I know of pairing functions, but my problem may involve three to five variables. When I have a few robots configured with certain parameters for movement, and I want to evaluate the robots based on how fast ($F$), how jerky ($J$) and how much energy ($E$) they consume, is there a statistical/mathematical technique of choosing the robot that has a high value of $F$, $J$ and $E$?
Eg:
$F$ range = $[0; 100]$, $J$ range = $[0; 1]$, $E$ range = $[0; 100]$
Assume $F$ and $E$ are normalized to range $[0; 1]$
Robot1: $F = 0.2, J = 0.9, E = 0.5$
Robot2: $F = 0.5, J = 0.6, E = 0.5$
Robot3: $F = 0.9, J = 0.9, E = 0.2$
Robot4: $F = 0.6, J = 0.2, E = 0.7$
I need a method of choosing Robot2, because although Robot3 has excellent values for $F$ and $J$, it's $E$ is low. But Robot2 has reasonable values for $F$, $E$ and $J$. I may eventually use more variables than just $F$, $E$ and $J$.
ps: Already saw this, this, this and this, but they don't answer the question.
The way your question is made it does not have a definitive answer. Because you haven't defined what is optimum in your setting.

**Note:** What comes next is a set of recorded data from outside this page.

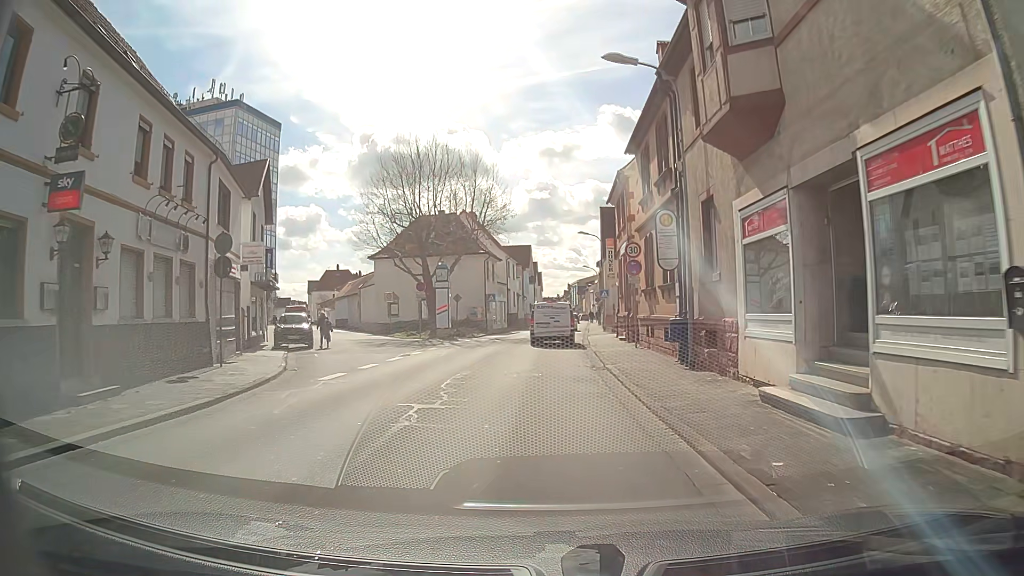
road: tertiary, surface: asphalt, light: Day
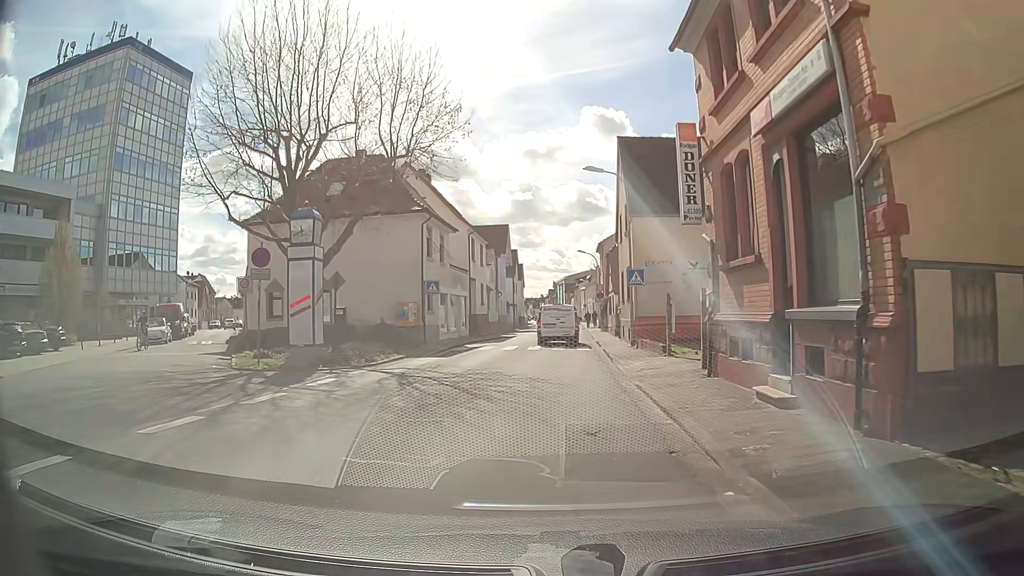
(-0.3, +22.1) m; +1°
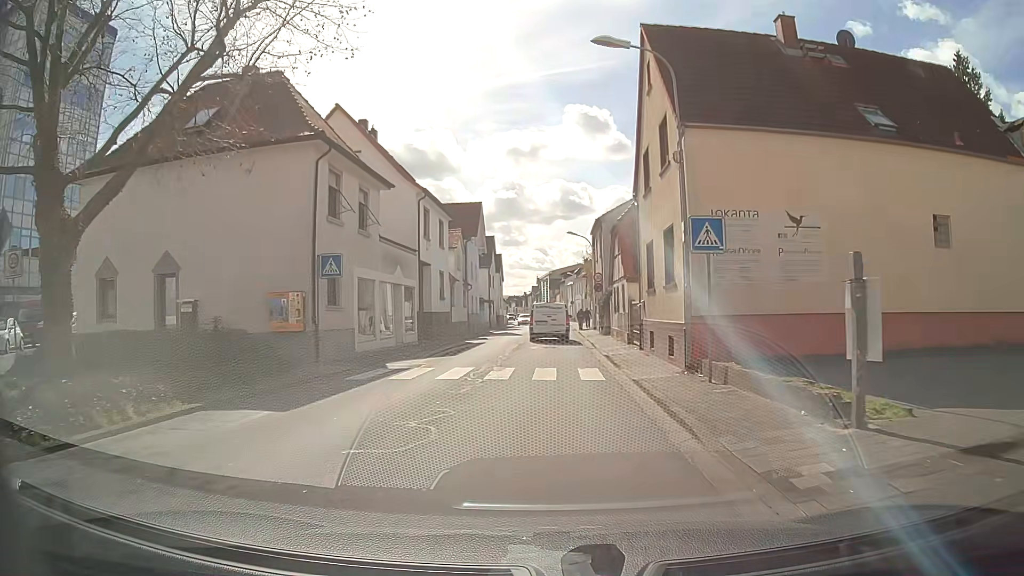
(+0.1, +13.0) m; +2°
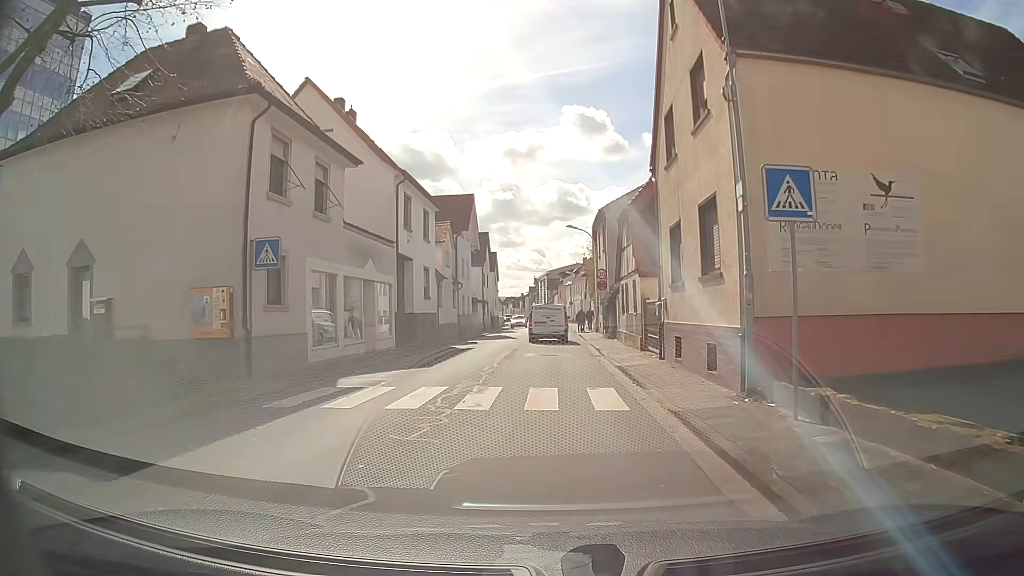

But I think that you are asking for ideas to define the optimum. So, I'll throw some ideas:
You may interested in minmax, a weighted average, the geometric mean or a generalized mean or other types of average.
From what you said, it seems to me that either the geometric mean or a weighted average could work out.
Another idea was to use something like:
Choose the robot with the highest $F + J + E + k \min(F, J, E)$. Choose the value of $k$ according to your feeling, but you may start by trying $k=1$.